At a certain electronics company, the daily output $$Q$$ is related to the number of people $$A$$ on the assembly line by $$Q = 400 + 10\sqrt{A + 125}$$

a) Determine the daily output if there are $$44$$ people on the assembly line.

b) Determine how many people are needed on the assembly line if the daily output is to be $$520$$

##### Exercise $$\PageIndex{31}$$

At a store, the daily number of sales $$S$$ is approximately related to the number of employees $$E$$ by $$S = 100 + 15\sqrt{E + 6}$$

a) Determine the approximate number of sales if there are $$19$$ employees.

b) Determine the number of employees the store would need to produce $$310$$ sales.

a) $$S = 175$$

b) $$E = 190$$

##### Exercise $$\PageIndex{32}$$

The resonance frequency $$f$$ in an electronic circuit containing inductance $$L$$ and capacitance $$C$$ in series is given by:

$$f = \dfrac{1}{2 \pi \sqrt{LC}}$$

a) Determine the resonance frequency in an electronic circuit if the inductance is $$4$$ and the capacitance is $$0.0001$$. Use $$\pi = 3.14$$

b) Determine the inductance in an electric circuit if the resonance frequency is $$7.12$$ and the capacitance is $$0.0001$$. Use $$\pi = 3.14$$.

##### Exercise $$\PageIndex{33}$$

If two magnetic poles of strength $$m$$ and $$m'$$ units are at a distance $$r$$ centimeters (cm) apart, the force $$F$$ of repulsion in the air between them is given by:

$$F = \dfrac{mm'}{r^2}$$:

a) Determine the force of repulsion if two magnetic poles of strengths $$20$$ and $$40$$ are $$5$$ cm apart in the air.

b) Determine how far apart are two magnetic poles of strengths $$30$$ and $$40$$ units if the force of repulsion in the air between them is $$0.0001$$.

a) $$F = 32$$

b) $$r = 8$$cm.

##### Exercise $$\PageIndex{34}$$

The velocity $$V$$ in feet per second of outflow of a liquid from an orifice is given by $$V = 8\sqrt{h}$$, where $$h$$ is the height in feet of the liquid above the opening.

a) Determine the velocity of outflow of a liquid from an orifice that is $$9$$ feet below the top surface of a liquid ($$V$$ is in feet/sec.

b) Determine how high a liquid is above an orifice if the velocity of outflow is $$81$$ feet/second.

##### Exercise $$\PageIndex{35}$$

The period $$T$$ in seconds of a simple pendulum of length $$L$$ in feet is given by $$T = 2 \pi \sqrt{\dfrac{L}{32}}$$

a) Determine the period of a simple pendulum that is $$2$$ feet long.
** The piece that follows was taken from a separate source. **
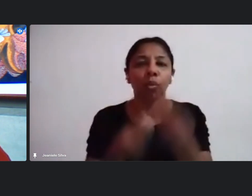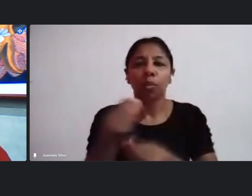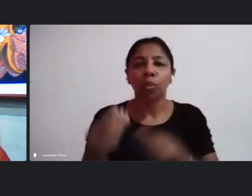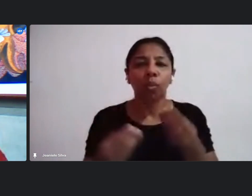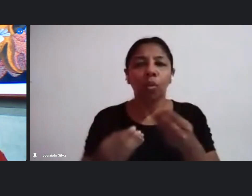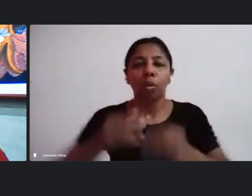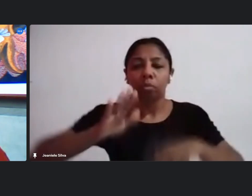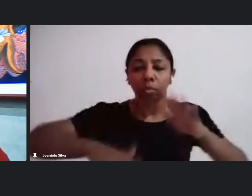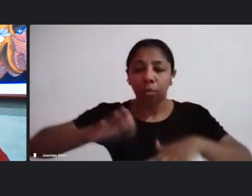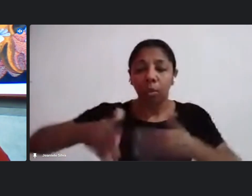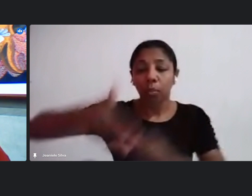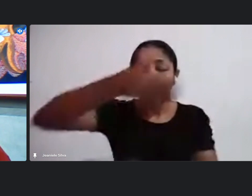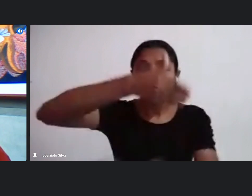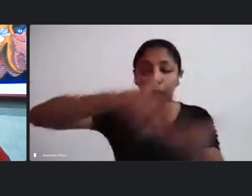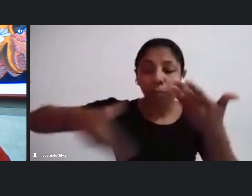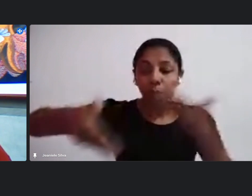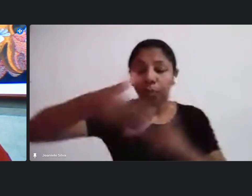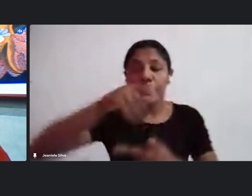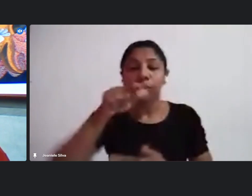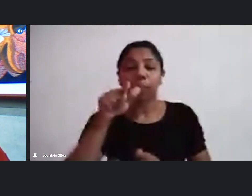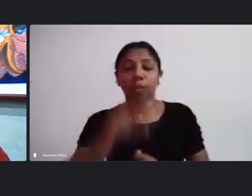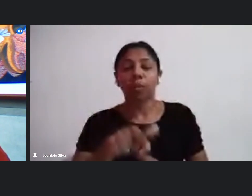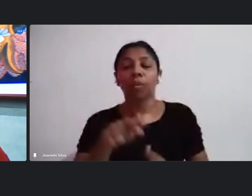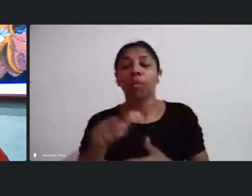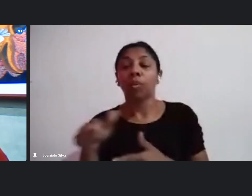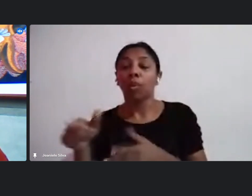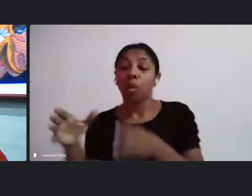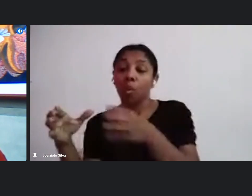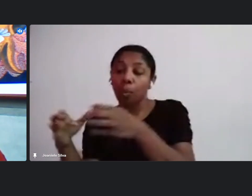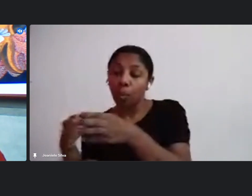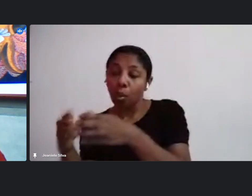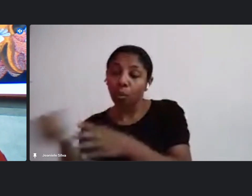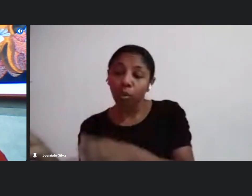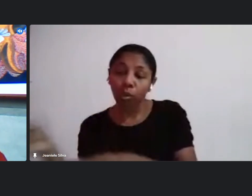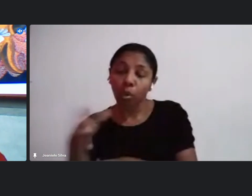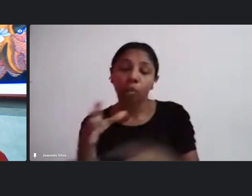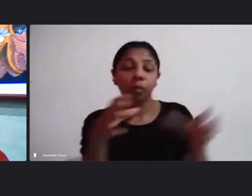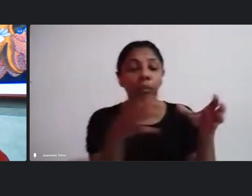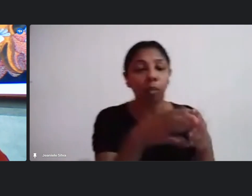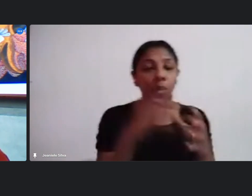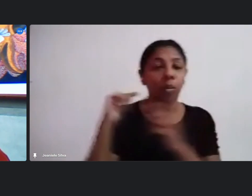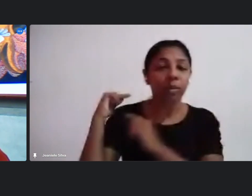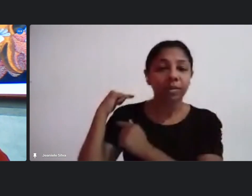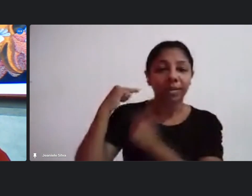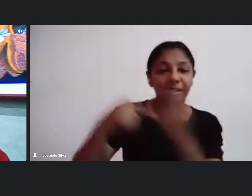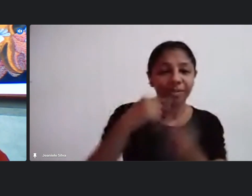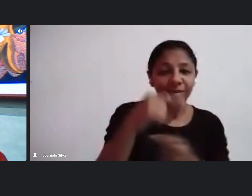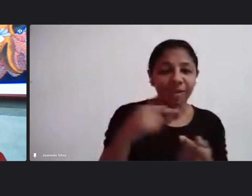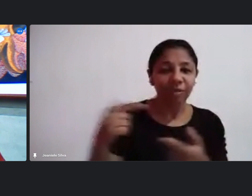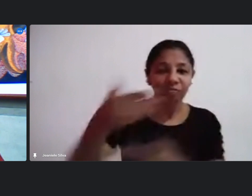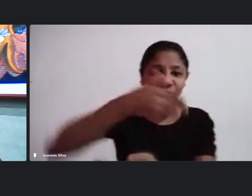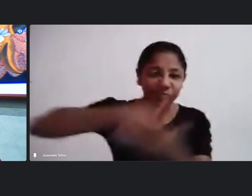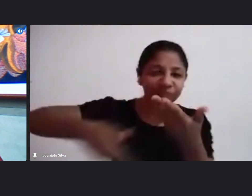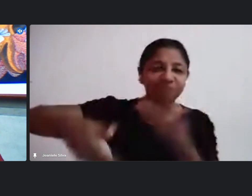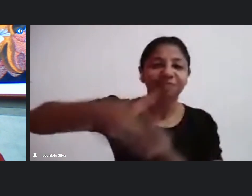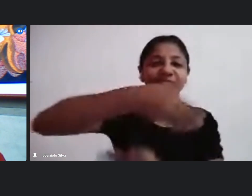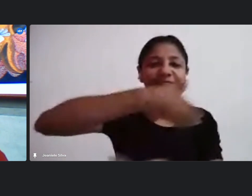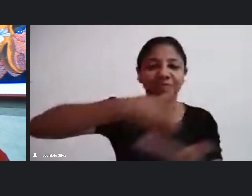dialogam com os blocos tradicionais mas também possam ser comentados pra ter suas próprias ações e aí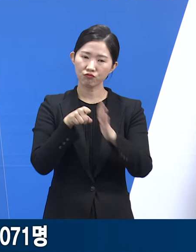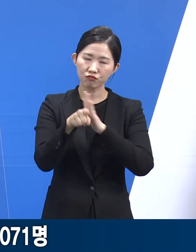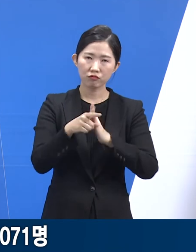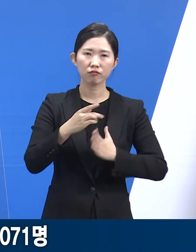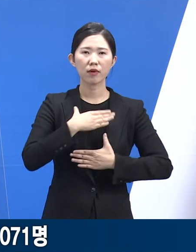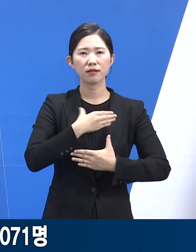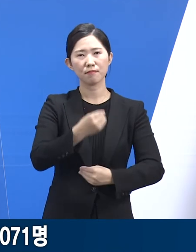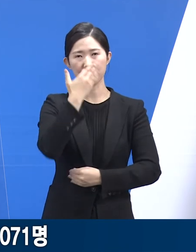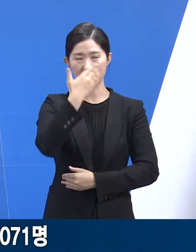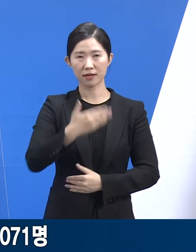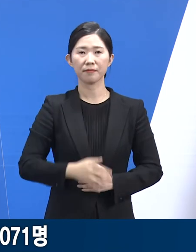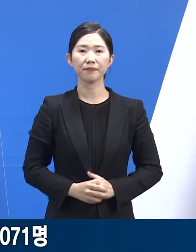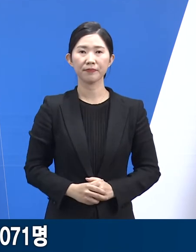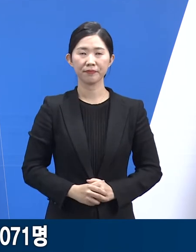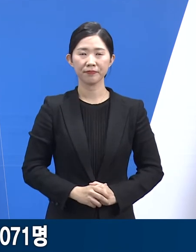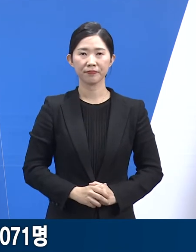있습니다.

Use $$\pi = 3.14$$.

b) Determine the length in feet of a simple pendulum whose period if $$10.8772$$ seconds. Use $$\pi = 3.14$$.

a) $$T = 1.57$$sec

b) $$L = 95.99$$cm

##### Exercise $$\PageIndex{36}$$

The kinetic energy $$KE$$ in foot pounds of a body of mass $$m$$ in slugs moving with a velocity $$v$$ in feet/sec is given by $$KE = \dfrac{1}{2}mv^2$$.

a) Determine the kinetic energy of a $$2$$-slug body moving with a velocity of $$4$$ ft/sec.

b) Determine the velocity in feet/sec of a $$4$$-slug body if its kinetic energy is $$50$$ foot-pounds.

## Exercises For Review

##### Exercise $$\PageIndex{37}$$

Write $$\dfrac{x^{10}y^3(x+7)^4}{x^{-2}y^3(x+7)^{-1}}$$ so that only positive exponents appear.

$$x^{12}(x+7)^5$$

##### Exercise $$\PageIndex{38}$$

Classify $$x+4 = x+7$$ as an identity, a contradiction, or a conditional equation.

##### Exercise $$\PageIndex{39}$$

Supply the missing words. In the coordinate plane, lines with _____ slope rise and lines with _____ slope fall.

positive, negative

##### Exercise $$\PageIndex{40}$$

Simplify $$\sqrt{(x+3)^4(x-2)^6}$$

##### Exercise $$\PageIndex{41}$$

Simplify $$(3 + \sqrt{5})(4 - \sqrt{5})$$

$$7 + \sqrt{5}$$